Department of Biostatistics, University of Washington, Seattle, WA 98195, USA.
Department of Biostatistics, University of Washington, Seattle, WA 98195, USA.
Am J Hum Genet. 2022 Sep 1;109(9):1582-1590. doi: 10.1016/j.ajhg.2022.07.008.
For the genomics community, allele frequencies within defined groups (or "strata") are useful across multiple research and clinical contexts. Benefits include allowing researchers to identify populations for replication or "look up" studies, enabling researchers to compare population-specific frequencies to validate findings, and facilitating assessment of variant pathogenicity in clinical contexts. However, there are potential concerns with stratified allele frequencies. These include potential re-identification (determining whether or not an individual participated in a given research study based on allele frequencies and individual-level genetic data), harm from associating stigmatizing variants with specific groups, potential reification of race as a biological rather than a socio-political category, and whether presenting stratified frequencies-and the downstream applications that this presentation enables-is consistent with participants' informed consents. The NHLBI Trans-Omics for Precision Medicine (TOPMed) program considered the scientific and social implications of different approaches for adding stratified frequencies to the TOPMed BRAVO (Browse All Variants Online) variant server. We recommend a novel approach of presenting ancestry-specific allele frequencies using a statistical method based upon local genetic ancestry inference. Notably, this approach does not require grouping individuals by either predominant global ancestry or race/ethnicity and, therefore, mitigates re-identification and other concerns as the mixture distribution of ancestral allele frequencies varies across the genome.
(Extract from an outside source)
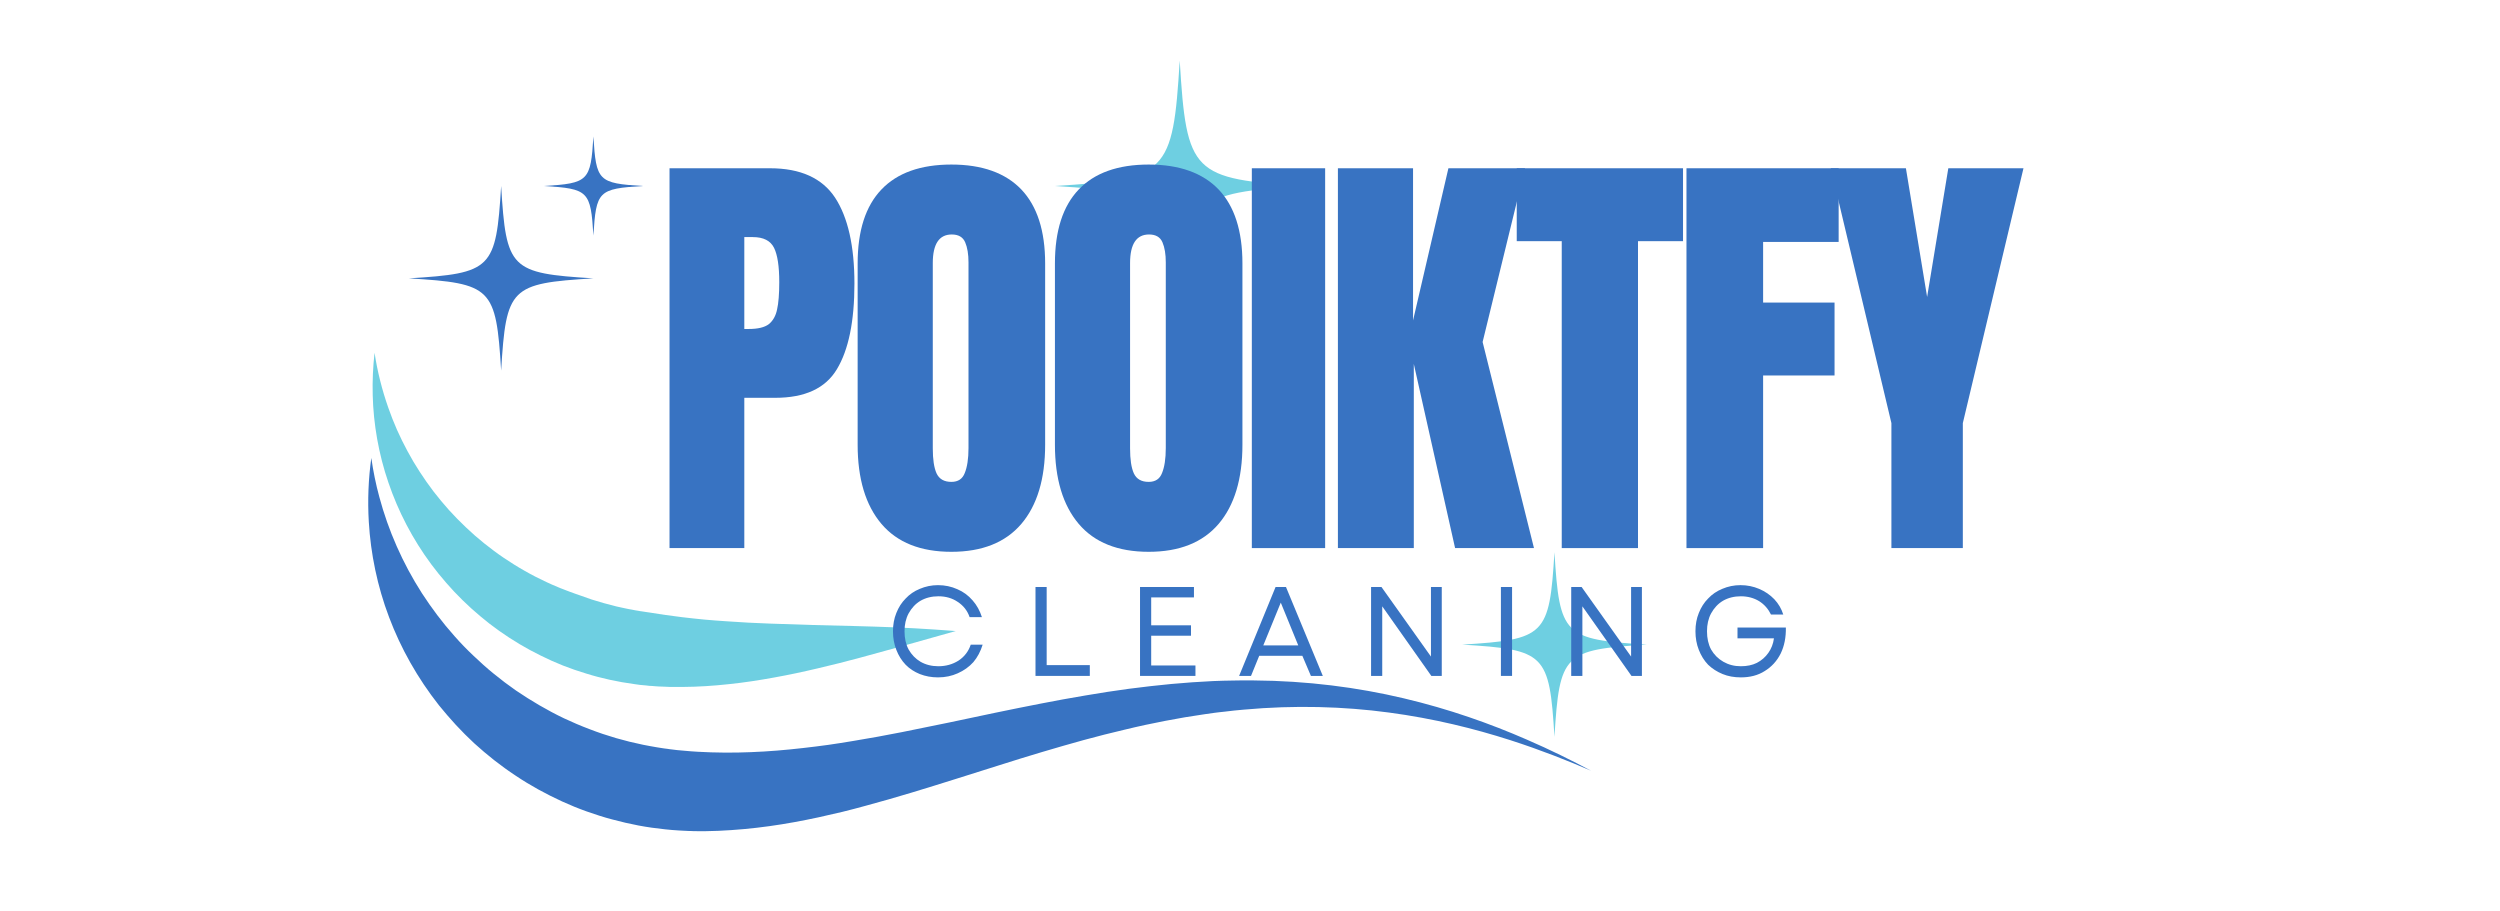 <svg xmlns="http://www.w3.org/2000/svg" xmlns:xlink="http://www.w3.org/1999/xlink" width="140" zoomAndPan="magnify" viewBox="0 0 104.88 38.25" height="51" preserveAspectRatio="xMidYMid meet" version="1.2"><defs><clipPath id="b3527ce26a"><path d="M 15.406 19.207 L 66.77 19.207 L 66.77 34.91 L 15.406 34.91 Z M 15.406 19.207 "/></clipPath><clipPath id="92bc827376"><path d="M 15.406 14 L 41 14 L 41 29 L 15.406 29 Z M 15.406 14 "/></clipPath><clipPath id="14b6bdfa58"><path d="M 44 2.547 L 55 2.547 L 55 14 L 44 14 Z M 44 2.547 "/></clipPath><clipPath id="13844b8da8"><path d="M 61.32 23.16 L 69.102 23.16 L 69.102 30.965 L 61.32 30.965 Z M 61.32 23.16 "/></clipPath></defs><g id="9003dd7550"><g clip-rule="nonzero" clip-path="url(#b3527ce26a)"><path style=" stroke:none;fill-rule:nonzero;fill:#3873c2;fill-opacity:1;" d="M 64.047 31.055 C 62.547 30.402 60.816 29.781 58.891 29.328 C 56.965 28.871 54.848 28.594 52.598 28.578 C 52.316 28.574 52.035 28.574 51.75 28.582 C 51.609 28.582 51.465 28.586 51.32 28.59 C 51.18 28.598 51.035 28.602 50.891 28.605 C 50.312 28.633 49.73 28.672 49.137 28.727 C 48.844 28.754 48.547 28.785 48.246 28.82 C 47.949 28.855 47.648 28.891 47.348 28.93 C 46.742 29.012 46.133 29.105 45.52 29.211 C 44.902 29.312 44.281 29.43 43.652 29.551 C 43.027 29.672 42.391 29.801 41.75 29.934 C 41.105 30.07 40.457 30.207 39.809 30.344 C 39.152 30.48 38.488 30.617 37.816 30.75 C 37.145 30.883 36.461 31.008 35.77 31.121 C 35.422 31.18 35.074 31.234 34.723 31.285 C 34.371 31.332 34.02 31.379 33.66 31.418 C 32.945 31.5 32.223 31.562 31.484 31.59 C 30.75 31.621 30.004 31.617 29.25 31.574 C 29.062 31.562 28.875 31.551 28.684 31.531 L 28.379 31.504 L 28.125 31.473 L 28.059 31.465 L 27.984 31.453 L 27.832 31.434 L 27.676 31.41 C 27.625 31.402 27.578 31.395 27.531 31.387 C 27.434 31.371 27.336 31.355 27.242 31.336 L 26.953 31.281 C 26.57 31.203 26.188 31.109 25.812 31 C 25.438 30.891 25.066 30.766 24.703 30.625 C 24.336 30.488 23.977 30.332 23.625 30.168 C 23.273 30 22.93 29.816 22.594 29.621 C 22.258 29.426 21.93 29.219 21.609 29 C 21.293 28.781 20.984 28.547 20.688 28.305 C 20.387 28.062 20.102 27.805 19.824 27.539 C 19.547 27.277 19.281 27.004 19.031 26.719 C 18.777 26.434 18.535 26.141 18.309 25.84 C 18.078 25.535 17.863 25.227 17.66 24.914 C 16.848 23.648 16.246 22.273 15.871 20.871 C 15.723 20.328 15.613 19.781 15.535 19.234 C 15.414 20.109 15.375 21.008 15.43 21.922 C 15.469 22.59 15.559 23.262 15.699 23.93 C 15.84 24.598 16.031 25.266 16.281 25.922 C 16.773 27.23 17.48 28.484 18.375 29.621 C 18.602 29.902 18.84 30.176 19.086 30.445 C 19.332 30.711 19.59 30.969 19.859 31.219 C 20.129 31.465 20.41 31.703 20.699 31.93 C 20.988 32.156 21.289 32.375 21.598 32.578 C 21.906 32.785 22.223 32.977 22.547 33.156 C 22.875 33.336 23.207 33.504 23.547 33.66 C 23.887 33.816 24.234 33.957 24.586 34.082 C 24.941 34.207 25.297 34.324 25.66 34.418 C 26.023 34.516 26.391 34.602 26.762 34.672 C 27.133 34.742 27.504 34.793 27.879 34.832 L 28.16 34.859 C 28.254 34.867 28.348 34.871 28.441 34.879 C 28.488 34.883 28.535 34.887 28.586 34.887 L 28.883 34.902 L 28.957 34.902 L 29.02 34.906 L 29.266 34.91 L 29.562 34.91 C 29.746 34.906 29.926 34.902 30.109 34.895 C 30.832 34.863 31.547 34.797 32.25 34.699 C 32.953 34.602 33.641 34.473 34.316 34.328 C 34.652 34.254 34.988 34.176 35.32 34.098 C 35.652 34.016 35.98 33.93 36.305 33.84 C 36.957 33.664 37.598 33.48 38.23 33.289 C 38.859 33.098 39.484 32.906 40.098 32.711 C 40.707 32.52 41.316 32.328 41.918 32.137 C 42.52 31.945 43.113 31.762 43.703 31.586 C 44.293 31.41 44.879 31.242 45.457 31.082 C 46.035 30.926 46.609 30.777 47.18 30.645 C 47.465 30.574 47.75 30.512 48.031 30.449 C 48.316 30.387 48.598 30.332 48.875 30.277 C 49.438 30.168 49.992 30.074 50.543 29.996 C 50.68 29.977 50.816 29.957 50.953 29.938 C 51.09 29.922 51.227 29.902 51.363 29.891 C 51.637 29.855 51.906 29.828 52.176 29.805 C 54.328 29.609 56.383 29.672 58.27 29.926 C 60.156 30.176 61.871 30.605 63.371 31.086 C 64.668 31.504 65.805 31.957 66.766 32.371 C 65.965 31.945 65.059 31.492 64.047 31.055 "/></g><g clip-rule="nonzero" clip-path="url(#92bc827376)"><path style=" stroke:none;fill-rule:nonzero;fill:#6ecfe1;fill-opacity:1;" d="M 39.164 26.438 C 38.617 26.398 38.062 26.375 37.504 26.348 C 36.941 26.324 36.375 26.309 35.801 26.293 C 35.223 26.277 34.645 26.262 34.059 26.25 C 33.473 26.234 32.879 26.215 32.277 26.191 C 31.676 26.172 31.07 26.137 30.457 26.094 C 30.148 26.074 29.84 26.051 29.531 26.023 C 29.219 25.992 28.906 25.961 28.594 25.922 C 28.133 25.867 27.668 25.801 27.203 25.723 L 27.117 25.711 L 26.887 25.676 L 26.828 25.668 L 26.762 25.656 L 26.621 25.633 L 26.48 25.605 C 26.434 25.598 26.391 25.59 26.348 25.582 C 26.262 25.562 26.172 25.547 26.086 25.527 L 25.824 25.469 C 25.477 25.383 25.133 25.289 24.793 25.18 C 24.633 25.125 24.473 25.07 24.316 25.012 L 24.07 24.926 L 23.855 24.848 L 23.805 24.828 L 23.742 24.805 L 23.613 24.754 L 23.488 24.707 C 23.445 24.688 23.406 24.672 23.367 24.656 C 23.289 24.621 23.207 24.59 23.129 24.555 L 22.895 24.449 C 22.586 24.305 22.277 24.148 21.98 23.977 C 21.68 23.809 21.391 23.625 21.105 23.434 C 20.82 23.242 20.547 23.035 20.281 22.824 C 20.012 22.609 19.754 22.383 19.508 22.148 C 19.262 21.914 19.023 21.672 18.797 21.422 C 18.57 21.168 18.352 20.906 18.148 20.641 C 17.941 20.371 17.75 20.094 17.566 19.812 C 17.383 19.531 17.211 19.242 17.055 18.949 C 16.895 18.656 16.75 18.355 16.613 18.051 C 16.48 17.75 16.359 17.441 16.25 17.129 C 15.984 16.371 15.789 15.598 15.672 14.816 C 15.605 15.402 15.578 16 15.594 16.602 C 15.609 17.211 15.672 17.824 15.781 18.441 C 15.891 19.055 16.047 19.668 16.254 20.27 C 16.664 21.477 17.27 22.645 18.055 23.703 C 18.254 23.969 18.461 24.227 18.68 24.477 C 18.895 24.727 19.125 24.969 19.363 25.203 C 19.602 25.438 19.848 25.66 20.105 25.875 C 20.363 26.094 20.629 26.301 20.906 26.496 C 21.18 26.691 21.465 26.875 21.758 27.051 C 22.047 27.223 22.348 27.387 22.652 27.535 C 22.957 27.688 23.27 27.828 23.586 27.953 C 23.906 28.078 24.23 28.191 24.559 28.289 C 24.883 28.391 25.215 28.477 25.551 28.551 C 25.887 28.625 26.227 28.684 26.566 28.73 L 26.82 28.766 C 26.906 28.773 26.992 28.781 27.078 28.789 C 27.121 28.793 27.16 28.801 27.207 28.805 L 27.344 28.812 L 27.48 28.824 L 27.547 28.828 L 27.602 28.832 L 27.828 28.84 L 28.098 28.852 C 28.266 28.852 28.43 28.855 28.594 28.852 C 29.258 28.848 29.91 28.805 30.555 28.734 C 31.195 28.668 31.828 28.57 32.445 28.457 C 32.758 28.402 33.062 28.34 33.367 28.277 C 33.672 28.211 33.977 28.145 34.273 28.074 C 34.875 27.934 35.465 27.785 36.043 27.629 C 36.625 27.473 37.199 27.312 37.766 27.156 C 38.324 26.996 38.887 26.84 39.441 26.684 C 39.656 26.621 39.867 26.562 40.082 26.504 C 39.777 26.48 39.473 26.457 39.164 26.438 "/></g><g clip-rule="nonzero" clip-path="url(#14b6bdfa58)"><path style=" stroke:none;fill-rule:nonzero;fill:#6ecfe1;fill-opacity:1;" d="M 54.754 7.812 C 50.008 8.102 49.777 8.332 49.488 13.078 C 49.199 8.332 48.969 8.102 44.223 7.812 C 48.969 7.523 49.199 7.293 49.488 2.547 C 49.777 7.293 50.008 7.523 54.754 7.812 "/></g><g clip-rule="nonzero" clip-path="url(#13844b8da8)"><path style=" stroke:none;fill-rule:nonzero;fill:#6ecfe1;fill-opacity:1;" d="M 69.105 27.074 C 65.609 27.285 65.441 27.457 65.227 30.949 C 65.016 27.457 64.844 27.285 61.352 27.074 C 64.844 26.859 65.016 26.688 65.227 23.195 C 65.441 26.688 65.609 26.859 69.105 27.074 "/></g><path style=" stroke:none;fill-rule:nonzero;fill:#3873c2;fill-opacity:1;" d="M 24.863 11.691 C 21.371 11.902 21.199 12.074 20.988 15.566 C 20.773 12.074 20.602 11.902 17.109 11.691 C 20.602 11.477 20.773 11.305 20.988 7.812 C 21.199 11.305 21.371 11.477 24.863 11.691 "/><path style=" stroke:none;fill-rule:nonzero;fill:#3873c2;fill-opacity:1;" d="M 26.945 7.812 C 25.066 7.926 24.977 8.02 24.863 9.895 C 24.75 8.02 24.656 7.926 22.781 7.812 C 24.656 7.699 24.75 7.605 24.863 5.73 C 24.977 7.605 25.066 7.699 26.945 7.812 "/><g style="fill:#3873c2;fill-opacity:1;"><g transform="translate(27.357, 23.02)"><path style="stroke:none" d="M 0.703 -15.953 L 4.922 -15.953 C 6.203 -15.953 7.113 -15.539 7.656 -14.719 C 8.195 -13.895 8.469 -12.691 8.469 -11.109 C 8.469 -9.523 8.223 -8.328 7.734 -7.516 C 7.254 -6.711 6.391 -6.312 5.141 -6.312 L 3.844 -6.312 L 3.844 0 L 0.703 0 Z M 4.031 -9.203 C 4.414 -9.203 4.695 -9.27 4.875 -9.406 C 5.051 -9.551 5.164 -9.754 5.219 -10.016 C 5.281 -10.285 5.312 -10.672 5.312 -11.172 C 5.312 -11.836 5.238 -12.316 5.094 -12.609 C 4.945 -12.91 4.648 -13.062 4.203 -13.062 L 3.844 -13.062 L 3.844 -9.203 Z M 4.031 -9.203 "/></g></g><g style="fill:#3873c2;fill-opacity:1;"><g transform="translate(35.383, 23.02)"><path style="stroke:none" d="M 4.516 0.156 C 3.223 0.156 2.242 -0.234 1.578 -1.016 C 0.91 -1.805 0.578 -2.914 0.578 -4.344 L 0.578 -11.953 C 0.578 -13.328 0.91 -14.363 1.578 -15.062 C 2.242 -15.758 3.223 -16.109 4.516 -16.109 C 5.805 -16.109 6.785 -15.758 7.453 -15.062 C 8.117 -14.363 8.453 -13.328 8.453 -11.953 L 8.453 -4.344 C 8.453 -2.906 8.117 -1.797 7.453 -1.016 C 6.785 -0.234 5.805 0.156 4.516 0.156 Z M 4.516 -2.781 C 4.797 -2.781 4.984 -2.906 5.078 -3.156 C 5.18 -3.406 5.234 -3.754 5.234 -4.203 L 5.234 -12 C 5.234 -12.344 5.188 -12.625 5.094 -12.844 C 5 -13.062 4.812 -13.172 4.531 -13.172 C 4 -13.172 3.734 -12.77 3.734 -11.969 L 3.734 -4.188 C 3.734 -3.727 3.785 -3.379 3.891 -3.141 C 4.004 -2.898 4.211 -2.781 4.516 -2.781 Z M 4.516 -2.781 "/></g></g><g style="fill:#3873c2;fill-opacity:1;"><g transform="translate(43.669, 23.02)"><path style="stroke:none" d="M 4.516 0.156 C 3.223 0.156 2.242 -0.234 1.578 -1.016 C 0.91 -1.805 0.578 -2.914 0.578 -4.344 L 0.578 -11.953 C 0.578 -13.328 0.91 -14.363 1.578 -15.062 C 2.242 -15.758 3.223 -16.109 4.516 -16.109 C 5.805 -16.109 6.785 -15.758 7.453 -15.062 C 8.117 -14.363 8.453 -13.328 8.453 -11.953 L 8.453 -4.344 C 8.453 -2.906 8.117 -1.797 7.453 -1.016 C 6.785 -0.234 5.805 0.156 4.516 0.156 Z M 4.516 -2.781 C 4.797 -2.781 4.984 -2.906 5.078 -3.156 C 5.18 -3.406 5.234 -3.754 5.234 -4.203 L 5.234 -12 C 5.234 -12.344 5.188 -12.625 5.094 -12.844 C 5 -13.062 4.812 -13.172 4.531 -13.172 C 4 -13.172 3.734 -12.77 3.734 -11.969 L 3.734 -4.188 C 3.734 -3.727 3.785 -3.379 3.891 -3.141 C 4.004 -2.898 4.211 -2.781 4.516 -2.781 Z M 4.516 -2.781 "/></g></g><g style="fill:#3873c2;fill-opacity:1;"><g transform="translate(51.955, 23.02)"><path style="stroke:none" d="M 0.562 0 L 0.562 -15.953 L 3.641 -15.953 L 3.641 0 Z M 0.562 0 "/></g></g><g style="fill:#3873c2;fill-opacity:1;"><g transform="translate(55.429, 23.02)"><path style="stroke:none" d="M 0.703 0 L 0.703 -15.953 L 3.859 -15.953 L 3.859 -9.562 L 5.344 -15.953 L 8.562 -15.953 L 6.781 -8.656 L 8.938 0 L 5.625 0 L 3.891 -7.734 L 3.891 0 Z M 0.703 0 "/></g></g><g style="fill:#3873c2;fill-opacity:1;"><g transform="translate(63.455, 23.02)"><path style="stroke:none" d="M 2.078 0 L 2.078 -12.891 L 0.188 -12.891 L 0.188 -15.953 L 7.172 -15.953 L 7.172 -12.891 L 5.281 -12.891 L 5.281 0 Z M 2.078 0 "/></g></g><g style="fill:#3873c2;fill-opacity:1;"><g transform="translate(70.069, 23.02)"><path style="stroke:none" d="M 0.703 0 L 0.703 -15.953 L 7.094 -15.953 L 7.094 -12.859 L 3.922 -12.859 L 3.922 -10.312 L 6.922 -10.312 L 6.922 -7.25 L 3.922 -7.25 L 3.922 0 Z M 0.703 0 "/></g></g><g style="fill:#3873c2;fill-opacity:1;"><g transform="translate(76.738, 23.02)"><path style="stroke:none" d="M 2.641 0 L 2.641 -5.25 L 0.094 -15.953 L 3.25 -15.953 L 4.141 -10.547 L 5.031 -15.953 L 8.188 -15.953 L 5.641 -5.25 L 5.641 0 Z M 2.641 0 "/></g></g><g style="fill:#3873c2;fill-opacity:1;"><g transform="translate(37.133, 28.388)"><path style="stroke:none" d="M 2.203 0.062 C 1.93 0.062 1.676 0.016 1.438 -0.078 C 1.207 -0.172 1.008 -0.301 0.844 -0.469 C 0.676 -0.645 0.547 -0.852 0.453 -1.094 C 0.359 -1.332 0.312 -1.594 0.312 -1.875 C 0.312 -2.156 0.359 -2.41 0.453 -2.641 C 0.547 -2.879 0.676 -3.082 0.844 -3.25 C 1.008 -3.426 1.207 -3.562 1.438 -3.656 C 1.676 -3.758 1.93 -3.812 2.203 -3.812 C 2.492 -3.812 2.766 -3.754 3.016 -3.641 C 3.266 -3.535 3.477 -3.379 3.656 -3.172 C 3.832 -2.973 3.961 -2.738 4.047 -2.469 L 3.531 -2.469 C 3.438 -2.738 3.27 -2.953 3.031 -3.109 C 2.801 -3.266 2.531 -3.344 2.219 -3.344 C 1.938 -3.344 1.688 -3.281 1.469 -3.156 C 1.258 -3.031 1.094 -2.852 0.969 -2.625 C 0.852 -2.406 0.797 -2.156 0.797 -1.875 C 0.797 -1.582 0.852 -1.328 0.969 -1.109 C 1.094 -0.891 1.258 -0.719 1.469 -0.594 C 1.688 -0.469 1.938 -0.406 2.219 -0.406 C 2.531 -0.406 2.812 -0.484 3.062 -0.641 C 3.312 -0.805 3.484 -1.031 3.578 -1.312 L 4.078 -1.312 C 3.992 -1.031 3.863 -0.785 3.688 -0.578 C 3.508 -0.379 3.289 -0.223 3.031 -0.109 C 2.781 0.004 2.504 0.062 2.203 0.062 Z M 2.203 0.062 "/></g></g><g style="fill:#3873c2;fill-opacity:1;"><g transform="translate(42.884, 28.388)"><path style="stroke:none" d="M 0.547 0 L 0.547 -3.734 L 1.016 -3.734 L 1.016 -0.453 L 2.828 -0.453 L 2.828 0 Z M 0.547 0 "/></g></g><g style="fill:#3873c2;fill-opacity:1;"><g transform="translate(47.274, 28.388)"><path style="stroke:none" d="M 0.547 0 L 0.547 -3.734 L 2.812 -3.734 L 2.812 -3.297 L 1.016 -3.297 L 1.016 -2.125 L 2.688 -2.125 L 2.688 -1.688 L 1.016 -1.688 L 1.016 -0.438 L 2.875 -0.438 L 2.875 0 Z M 0.547 0 "/></g></g><g style="fill:#3873c2;fill-opacity:1;"><g transform="translate(51.889, 28.388)"><path style="stroke:none" d="M 0.094 0 L 1.625 -3.734 L 2.062 -3.734 L 3.609 0 L 3.109 0 L 2.75 -0.844 L 0.938 -0.844 L 0.594 0 Z M 1.109 -1.281 L 2.578 -1.281 L 1.844 -3.078 Z M 1.109 -1.281 "/></g></g><g style="fill:#3873c2;fill-opacity:1;"><g transform="translate(56.978, 28.388)"><path style="stroke:none" d="M 0.547 0 L 0.547 -3.734 L 0.984 -3.734 L 3.062 -0.812 L 3.062 -3.734 L 3.516 -3.734 L 3.516 0 L 3.078 0 L 1.016 -2.922 L 1.016 0 Z M 0.547 0 "/></g></g><g style="fill:#3873c2;fill-opacity:1;"><g transform="translate(62.431, 28.388)"><path style="stroke:none" d="M 0.547 0 L 0.547 -3.734 L 1.016 -3.734 L 1.016 0 Z M 0.547 0 "/></g></g><g style="fill:#3873c2;fill-opacity:1;"><g transform="translate(65.384, 28.388)"><path style="stroke:none" d="M 0.547 0 L 0.547 -3.734 L 0.984 -3.734 L 3.062 -0.812 L 3.062 -3.734 L 3.516 -3.734 L 3.516 0 L 3.078 0 L 1.016 -2.922 L 1.016 0 Z M 0.547 0 "/></g></g><g style="fill:#3873c2;fill-opacity:1;"><g transform="translate(70.837, 28.388)"><path style="stroke:none" d="M 2.219 0.062 C 1.938 0.062 1.68 0.016 1.453 -0.078 C 1.223 -0.172 1.02 -0.301 0.844 -0.469 C 0.676 -0.645 0.547 -0.852 0.453 -1.094 C 0.359 -1.332 0.312 -1.594 0.312 -1.875 C 0.312 -2.156 0.359 -2.41 0.453 -2.641 C 0.547 -2.879 0.676 -3.082 0.844 -3.25 C 1.008 -3.426 1.207 -3.562 1.438 -3.656 C 1.676 -3.758 1.93 -3.812 2.203 -3.812 C 2.484 -3.812 2.742 -3.758 2.984 -3.656 C 3.234 -3.551 3.445 -3.406 3.625 -3.219 C 3.801 -3.031 3.926 -2.816 4 -2.578 L 3.484 -2.578 C 3.367 -2.816 3.203 -3.004 2.984 -3.141 C 2.766 -3.273 2.508 -3.344 2.219 -3.344 C 1.938 -3.344 1.688 -3.281 1.469 -3.156 C 1.258 -3.031 1.094 -2.852 0.969 -2.625 C 0.852 -2.406 0.797 -2.156 0.797 -1.875 C 0.797 -1.582 0.852 -1.328 0.969 -1.109 C 1.094 -0.891 1.266 -0.719 1.484 -0.594 C 1.703 -0.469 1.945 -0.406 2.219 -0.406 C 2.477 -0.406 2.703 -0.453 2.891 -0.547 C 3.086 -0.648 3.25 -0.789 3.375 -0.969 C 3.5 -1.145 3.578 -1.348 3.609 -1.578 L 2.078 -1.578 L 2.078 -2.031 L 4.109 -2.031 C 4.117 -1.625 4.047 -1.258 3.891 -0.938 C 3.734 -0.625 3.508 -0.379 3.219 -0.203 C 2.938 -0.023 2.602 0.062 2.219 0.062 Z M 2.219 0.062 "/></g></g></g></svg>

Here we describe our considerations and approach, which can assist other genomics research programs facing similar issues of how to define and present stratified frequencies in publicly available variant databases.
对于基因组学社区来说,在定义的群体(或“层”)内的等位基因频率在多个研究和临床背景下都很有用。其好处包括允许研究人员识别用于复制或“查找”研究的人群,使研究人员能够将特定人群的频率与验证结果进行比较,并促进在临床背景下评估变异的致病性。然而,分层等位基因频率存在潜在的问题。这些问题包括潜在的再识别(基于等位基因频率和个体水平的遗传数据来确定个体是否参与了特定的研究),将污名化变体与特定群体联系起来的危害,种族作为生物学而不是社会政治范畴的具体化,以及呈现分层频率——以及这种呈现所带来的下游应用——是否符合参与者的知情同意。美国国立卫生研究院转化精准医学(NHLBI Trans-Omics for Precision Medicine,TOPMed)计划考虑了向 TOPMed BRAVO(Browse All Variants Online,在线浏览所有变体)变体服务器添加分层频率的不同方法的科学和社会影响。我们建议使用基于本地遗传祖先推断的统计方法来呈现特定祖先的等位基因频率的新方法。值得注意的是,这种方法不需要按照主要的全球祖先或种族/民族来对个体进行分组,因此减轻了再识别和其他问题,因为祖先等位基因频率的混合分布在整个基因组中是不同的。在这里,我们描述了我们的考虑和方法,这可以帮助其他基因组学研究计划解决如何在公共可用的变体数据库中定义和呈现分层频率的类似问题。